Resolution: Enter actual values into cells (e.g. type in “G”, “A”, “R” for green, amber, and red, respectively) and use conditional formatting to change cell style.
4) Mixed data types in one column
Description: Values like 10, 20, 10-20, 10, Unknown, £10 in one column.
Why is it a problem? Imagine you want total sum of the values in the description. Such column would be imported as text so no sum in the usual sense would exist.
Resolution: If you want to use numerical functions on a column, enter only numbers into that column. Use quantities in the same units and don’t enter units into cells. The example from the description could be solved by having column minGBP (values 10, 20, 10, 10, , 10) and maxGBP (values 10, 20, 20, 10, , 10). It can get complicated when you need to account for values like “Unknown”, “N/A”, “NoData”, etc. Sometimes values like -9999 are used to indicate missing data, but this obviously affects your summaries. Bear in mind that if multiple rows at the top of your sheet have blank cells in one column, the whole column may be imported to other software as text, not as a number. It is good practice to specify the format of cells in a column (in MS Excel, right-click on the column header, go to Format Cells…, Number tab, and define the desired format).

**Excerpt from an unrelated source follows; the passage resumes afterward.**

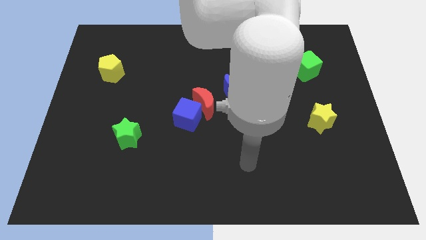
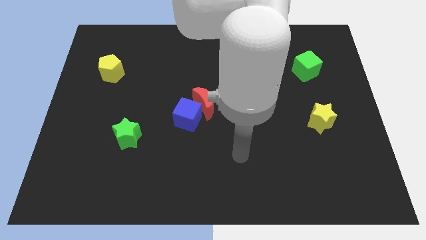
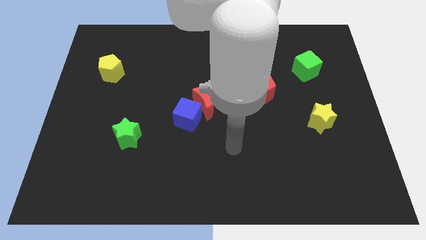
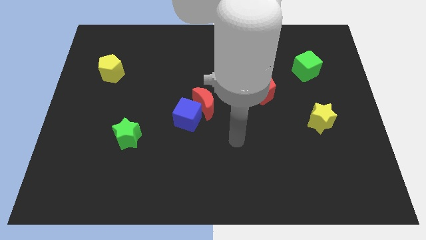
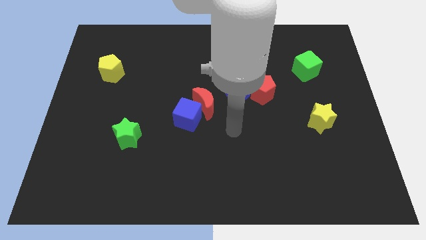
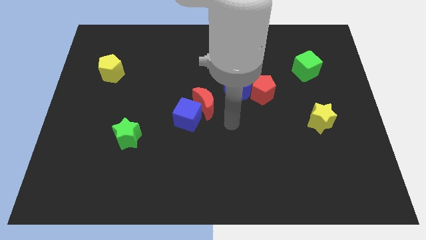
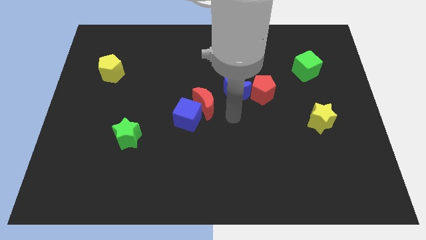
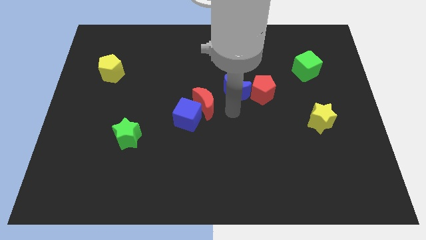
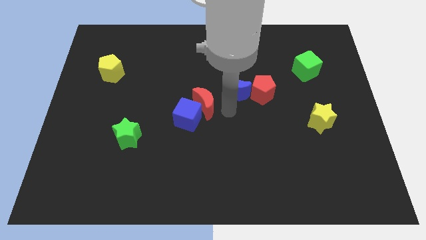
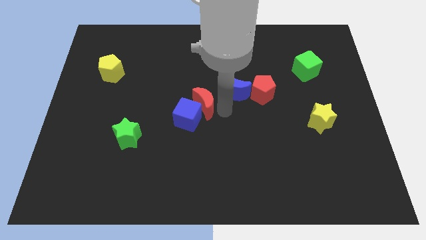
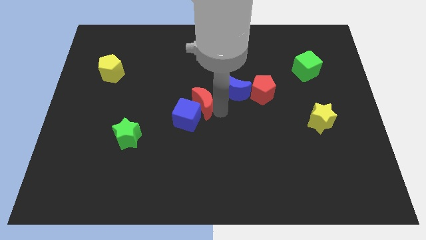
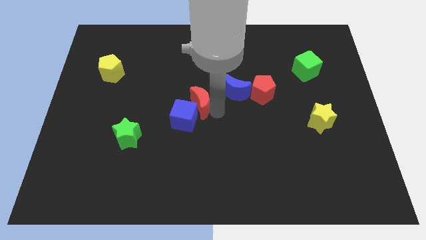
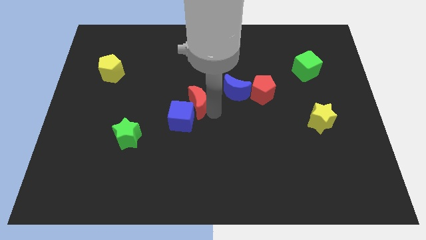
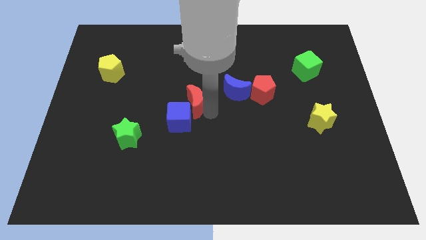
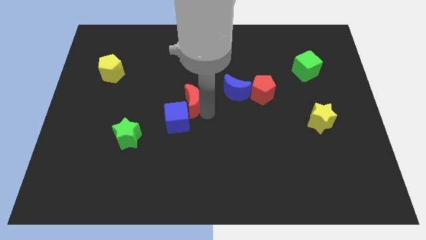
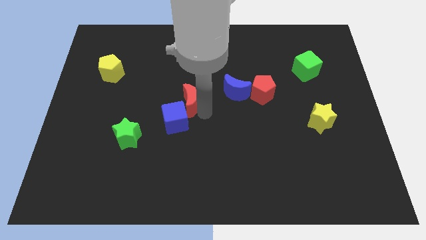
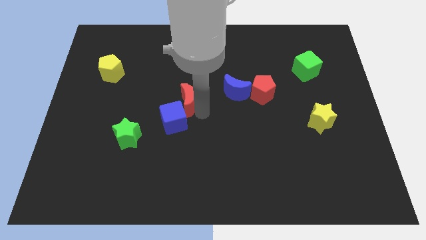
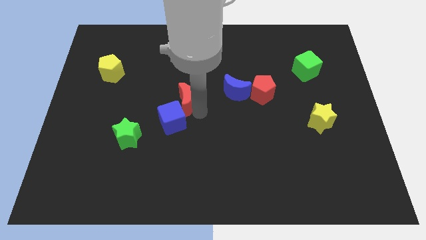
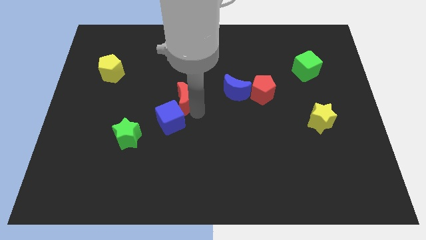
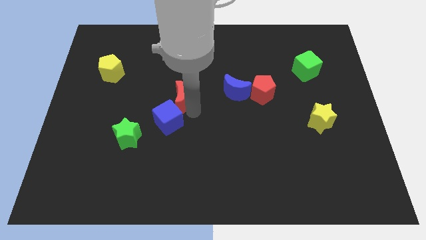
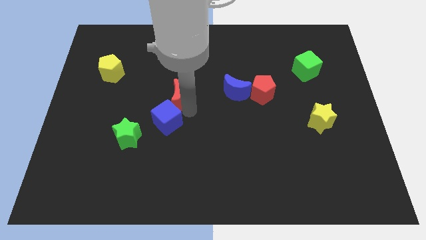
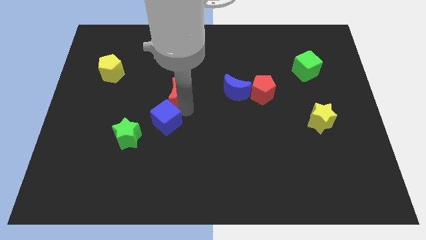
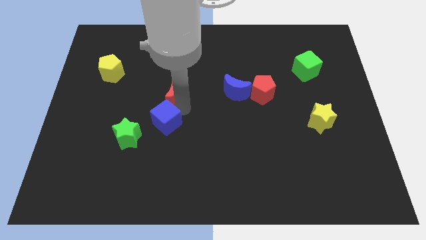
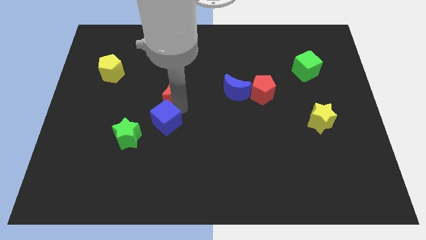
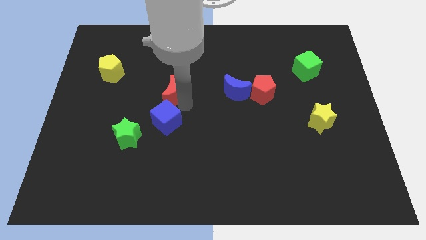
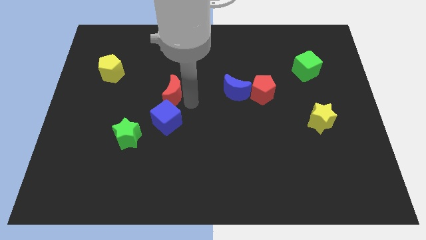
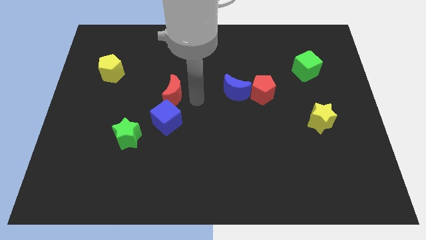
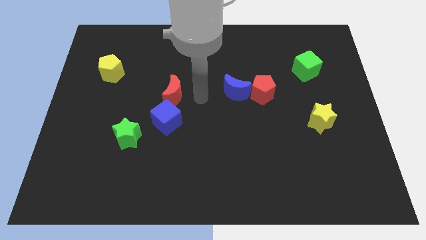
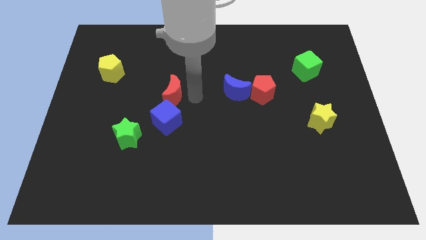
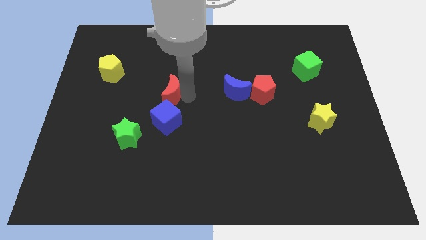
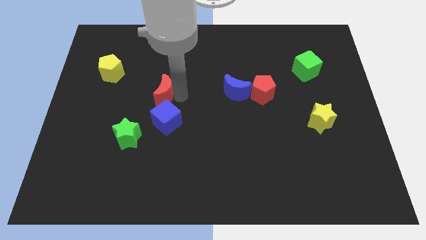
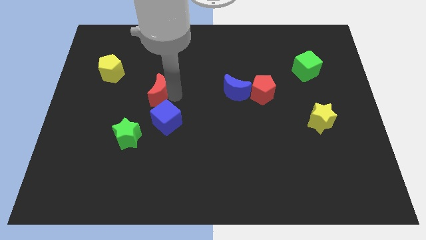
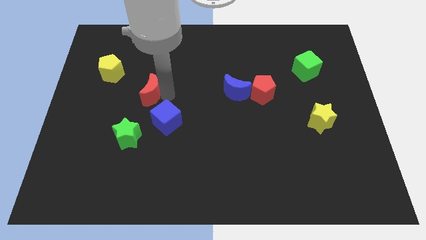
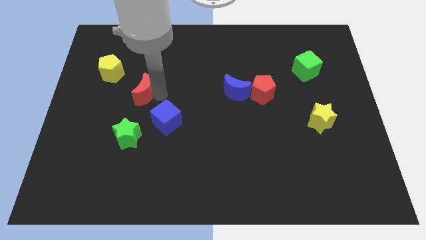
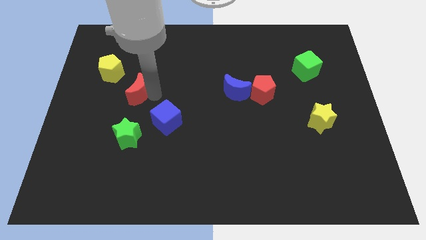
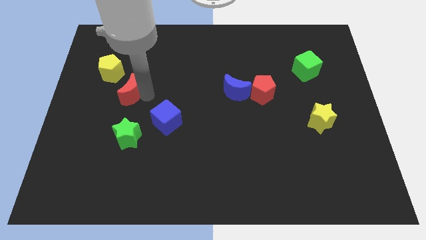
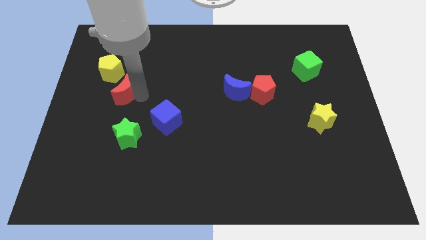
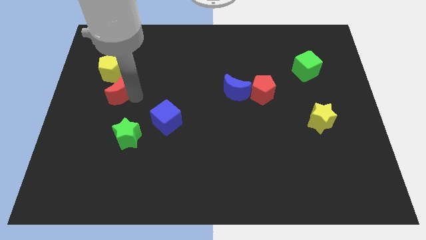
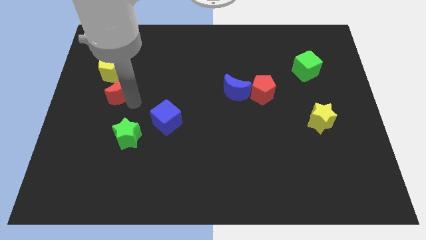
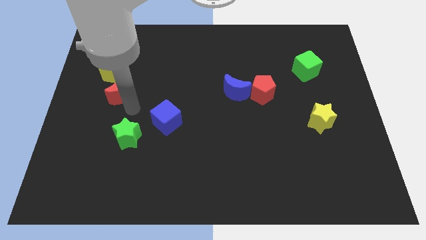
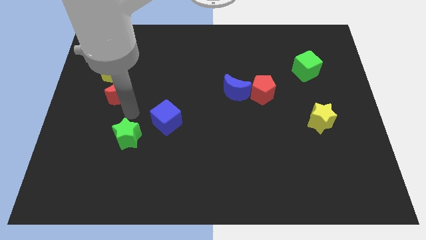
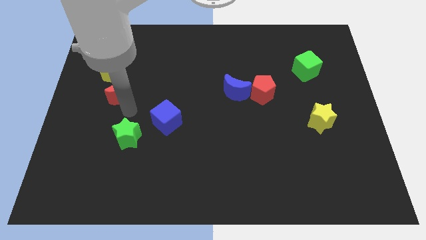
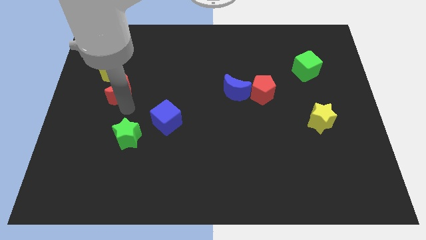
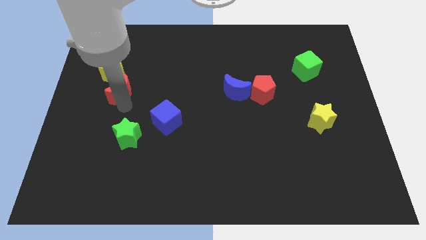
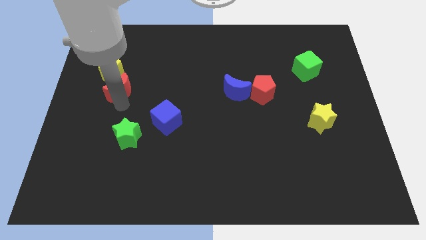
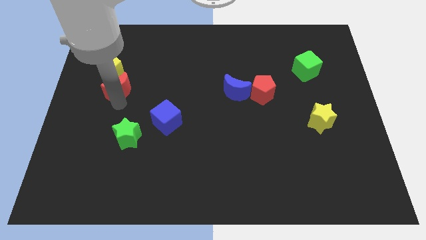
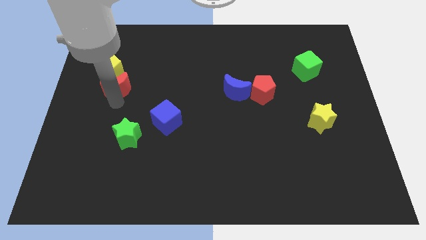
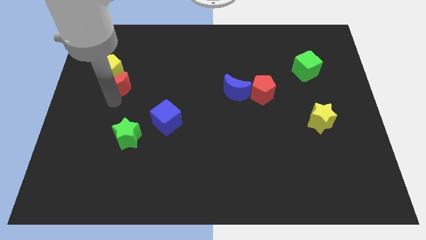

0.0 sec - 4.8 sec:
move the red moon close to the yellow pentagon

5) Merged cells and fancy headers
Description: Cells merged to indicate that one value applies to more than one columns or rows.
Why is it a problem? Merged cells may affect summaries across columns or rows. Furthermore, when importing to another software, only one cell may contain a value, the rest of cells may be blank!
Resolution: Do not merge cells! Merged cells in the body of a table are unforgivable. Sometimes it is useful to merge cells in complex table headers, but this often makes it impossible to directly import the sheet into another software. From data manipulation perspective, table header should be a single row with as many cells as there are columns in the table, each cell should have a unique name compliant with point 1. If you need a complex header with merged cells, add an extra header row with no merged cells (and with unique values) before the first data row, the analyst-friendly table can be then outlined using named range.
6) Inconsistent identifiers
Description: Values that identify records in one table differ from values in related tables. In the example with parcels and customers in point 2, values in column customerID in customers table must match values in customerFK in the related rows in parcels table, otherwise there is no way of telling which parcel was sent to which customer.
Why is it a problem? It is obvious. If you want to link two tables based on a column, the values in that columns must match for related rows. This fundamental condition surprisingly often does not hold and is generally very time consuming to fix.
Resolution: There is no resolution other than being more pedantic. Instead of typing values into cells, copy and paste them if possible. Make sure each row in each table has one column (or a set of columns) that uniquely identify the row and values match corresponding values in related tables. Cases when the differences are systematic (e.g. “ID001” in one table links to “001” in another table) can be solved quickly, but non-systematic differences usually require manual editing.

If you follow recommendations outlined in this post, you are on your way from being enslaved by your spreadsheets to let your spreadsheets work for you. However, there are many intricacies to storing data in spreadsheets and you may run into issues specific for your situation. My final recommendation is to adhere to one key principle: separate data from data representation.